→ TASK DESCRIPTION: Pictures in the material below are to be left out, and only the lines from the line with "[diagram: same view" up to and including the line with "Length unit declared in the file: inch" are to be written out exactly.

→ DATA:
------------------------------------------------

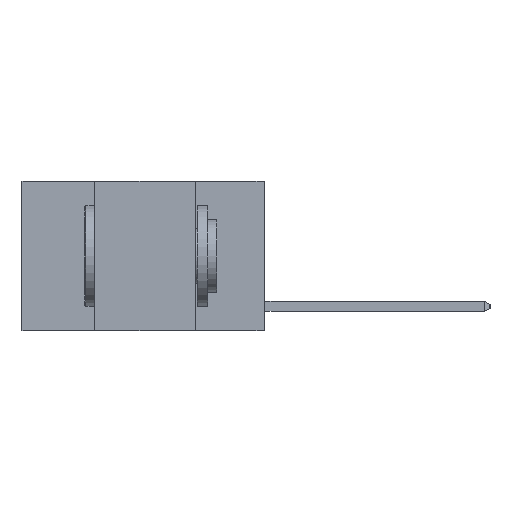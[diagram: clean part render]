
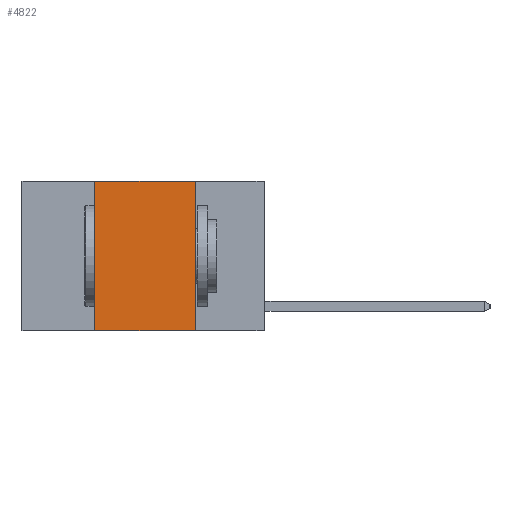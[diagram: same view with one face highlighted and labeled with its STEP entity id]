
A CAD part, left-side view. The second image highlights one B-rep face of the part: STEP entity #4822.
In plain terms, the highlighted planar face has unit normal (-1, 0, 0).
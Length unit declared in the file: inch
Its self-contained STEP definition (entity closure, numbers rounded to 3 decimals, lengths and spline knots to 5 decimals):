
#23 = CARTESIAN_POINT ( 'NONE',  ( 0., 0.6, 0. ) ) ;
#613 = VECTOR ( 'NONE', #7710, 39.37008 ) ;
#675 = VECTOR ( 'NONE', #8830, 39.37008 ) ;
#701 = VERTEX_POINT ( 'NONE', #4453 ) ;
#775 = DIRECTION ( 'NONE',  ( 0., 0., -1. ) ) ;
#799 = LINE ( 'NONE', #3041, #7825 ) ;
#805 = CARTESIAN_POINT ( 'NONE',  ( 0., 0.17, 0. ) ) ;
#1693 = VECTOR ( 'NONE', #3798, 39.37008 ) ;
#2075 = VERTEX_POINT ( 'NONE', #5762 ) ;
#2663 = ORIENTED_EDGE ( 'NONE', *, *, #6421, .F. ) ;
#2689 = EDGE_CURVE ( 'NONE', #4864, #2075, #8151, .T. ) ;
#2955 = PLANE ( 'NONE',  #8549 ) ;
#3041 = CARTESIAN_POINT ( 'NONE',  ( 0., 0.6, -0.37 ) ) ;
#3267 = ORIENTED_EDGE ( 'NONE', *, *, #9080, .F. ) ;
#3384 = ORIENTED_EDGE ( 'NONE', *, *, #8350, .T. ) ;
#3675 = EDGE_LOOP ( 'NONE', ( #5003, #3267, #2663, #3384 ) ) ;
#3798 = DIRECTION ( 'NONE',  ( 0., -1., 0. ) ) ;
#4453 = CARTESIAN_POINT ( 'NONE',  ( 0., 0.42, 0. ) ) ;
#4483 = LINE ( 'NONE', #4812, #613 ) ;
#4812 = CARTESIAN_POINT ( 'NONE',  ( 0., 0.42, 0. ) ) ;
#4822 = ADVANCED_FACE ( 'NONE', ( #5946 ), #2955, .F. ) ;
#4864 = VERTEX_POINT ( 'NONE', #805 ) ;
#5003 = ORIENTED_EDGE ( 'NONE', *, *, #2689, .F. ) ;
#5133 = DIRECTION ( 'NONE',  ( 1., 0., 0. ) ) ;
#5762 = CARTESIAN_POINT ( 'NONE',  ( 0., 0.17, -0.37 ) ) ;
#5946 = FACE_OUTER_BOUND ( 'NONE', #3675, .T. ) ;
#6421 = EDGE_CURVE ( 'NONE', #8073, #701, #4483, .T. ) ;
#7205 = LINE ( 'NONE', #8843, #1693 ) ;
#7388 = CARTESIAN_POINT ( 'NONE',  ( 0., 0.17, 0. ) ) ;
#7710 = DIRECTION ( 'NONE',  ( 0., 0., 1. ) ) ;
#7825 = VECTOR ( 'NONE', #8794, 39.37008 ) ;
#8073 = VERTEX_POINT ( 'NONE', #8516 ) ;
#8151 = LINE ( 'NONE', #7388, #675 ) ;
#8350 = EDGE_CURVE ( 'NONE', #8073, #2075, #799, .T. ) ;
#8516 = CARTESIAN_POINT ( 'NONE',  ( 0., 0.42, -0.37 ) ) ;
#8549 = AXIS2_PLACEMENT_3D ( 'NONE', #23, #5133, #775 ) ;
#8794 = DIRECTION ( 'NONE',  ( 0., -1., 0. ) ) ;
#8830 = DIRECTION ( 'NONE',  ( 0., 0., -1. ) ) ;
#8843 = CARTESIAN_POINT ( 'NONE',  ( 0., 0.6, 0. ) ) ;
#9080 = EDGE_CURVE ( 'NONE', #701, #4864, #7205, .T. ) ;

------------------------------------------------

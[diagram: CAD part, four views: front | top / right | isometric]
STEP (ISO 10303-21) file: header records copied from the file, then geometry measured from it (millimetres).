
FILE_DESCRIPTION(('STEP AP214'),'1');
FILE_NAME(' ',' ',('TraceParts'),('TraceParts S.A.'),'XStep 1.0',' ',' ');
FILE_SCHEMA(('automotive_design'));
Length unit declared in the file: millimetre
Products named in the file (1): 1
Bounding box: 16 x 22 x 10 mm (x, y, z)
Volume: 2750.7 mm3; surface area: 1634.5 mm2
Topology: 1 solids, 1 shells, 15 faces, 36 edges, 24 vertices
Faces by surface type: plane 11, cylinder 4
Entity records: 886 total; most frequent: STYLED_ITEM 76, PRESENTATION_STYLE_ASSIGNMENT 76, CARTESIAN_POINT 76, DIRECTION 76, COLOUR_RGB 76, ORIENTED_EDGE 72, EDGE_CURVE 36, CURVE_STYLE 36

------------------------------------------------

→ WRITTEN RESPONSE:
[diagram: same view with one face highlighted and labeled with its STEP entity id]
A CAD part, left-side view. The second image highlights one B-rep face of the part: STEP entity #4822.
In plain terms, the highlighted planar face has unit normal (-1, 0, 0).
Length unit declared in the file: inch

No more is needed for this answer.